In order for us to face the darkness, to plunge even further into the chasm, we need to be on the look out for a spirit of anger and ask the Voice of Truth to show us what is at the heart of it.
Closely tied to anger (and often it's perpetrator) is unforgiveness. It's what I call the wall of separation. In many cases, it is never torn down after being erected. When an offense has occurred and the offending party refuses to repent and ask for forgiveness, there can arise such a division that people often simply walk away and determine never to speak to one another again.
None of us can avoid being hurt. We all say and do things that inflict emotional and physical pain on one another. This is an accepted fact of life. All you've got to do is see this demonstrated in a classroom of children: kids can be very cruel and often say the meanest things to each other. We've all got the potential to be this way...from children all the way to adults. We think it's our right to hold a certain position on something and, whether we intentionally hurt someone or not, it serves the other party right to apologize first...not us. They started the whole thing first; they have no right to be forgiven unless they apologize. In our minds, we think that what transpired was too painful to be forgotten and let go of. No grace given here, we say.
For most of my life, I would've denied that I had a problem with unforgiveness. I thought I dealt with offenses pretty well. My parents had demonstrated from my early years wheat forgiving others was all about, and I felt I had learned that lesson a long time ago. What I didn't realize was that forgiving only gets harder with time. To forgive a friend or sibling for taking your toy is one thing...but to forgive someone who betrayed you or said hurtful things against you or somebody you love...that takes the concept to a whole new level. A totally new type of grace is needed to forgive one who perhaps murdered a relative of yours, or who neglected your child, or who bullies your disabled sibling at school. Often, we find it harder to resist becoming angry, hateful, and resentful under these circumstances than under those we dealt with when we were little. It took me a long time to fully grasp the effect that my unwillingness to forgive was having on myself as well as others. When I became willing to be candid with myself regarding who I refused to forgive and why, I was shocked at how many names and situations came to mind. The anger stewed within me...because I had excused myself of any responsibility in these situations and was waiting for others to make the first move.
The thing about forgiveness is that it dares us to do the unnatural. In many cases, it seems nearly impossible to extend grace to someone we feel does not deserve it. They hurt us, we think; what's a little hurt in return going to do to them?! Serves them right for the way they treated us! Sadly, many people take this so far as to try to even the score and to seek revenge on the offending party. Thus, the hatred and resentment is perpetuated...

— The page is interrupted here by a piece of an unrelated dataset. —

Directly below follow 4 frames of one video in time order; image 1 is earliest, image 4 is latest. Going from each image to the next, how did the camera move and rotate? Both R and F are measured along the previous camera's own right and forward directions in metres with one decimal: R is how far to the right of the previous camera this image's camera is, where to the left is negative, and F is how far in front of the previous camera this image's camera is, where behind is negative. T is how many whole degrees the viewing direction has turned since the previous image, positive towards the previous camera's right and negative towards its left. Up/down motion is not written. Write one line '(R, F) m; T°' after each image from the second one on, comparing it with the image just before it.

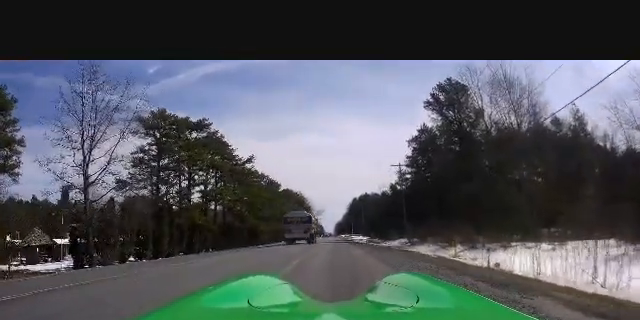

I so clearly remember when God first began to walk me deeper into the chasm and reveal to me the shadows of my broken light - the darkness brought on partly by my resistance to the healing power of forgiveness. I didn't understand at the time how such a concept was even possible.
So often I asked God, Doesn't the offending party have to be the first to seek restoration?
How can I forgive when they've done nothing to seek it?
As the Voice of Truth answered through my disillusionment, the response left me both surprised and bewildered: forgiveness isn't so much for their benefit as it is for yours. Don't wait for them to release their hatred first...you go ahead and release yours.
While I took in this mind-blowing concept, it also struck me that I was far from being at a place where I could fully comprehend such an idea and put it into practice. I still wanted to know the reason behind why they weren't willing to change. But I also was constantly reminded that I was angry about it all...and the real issue was, could I change? Would I be the first to let go?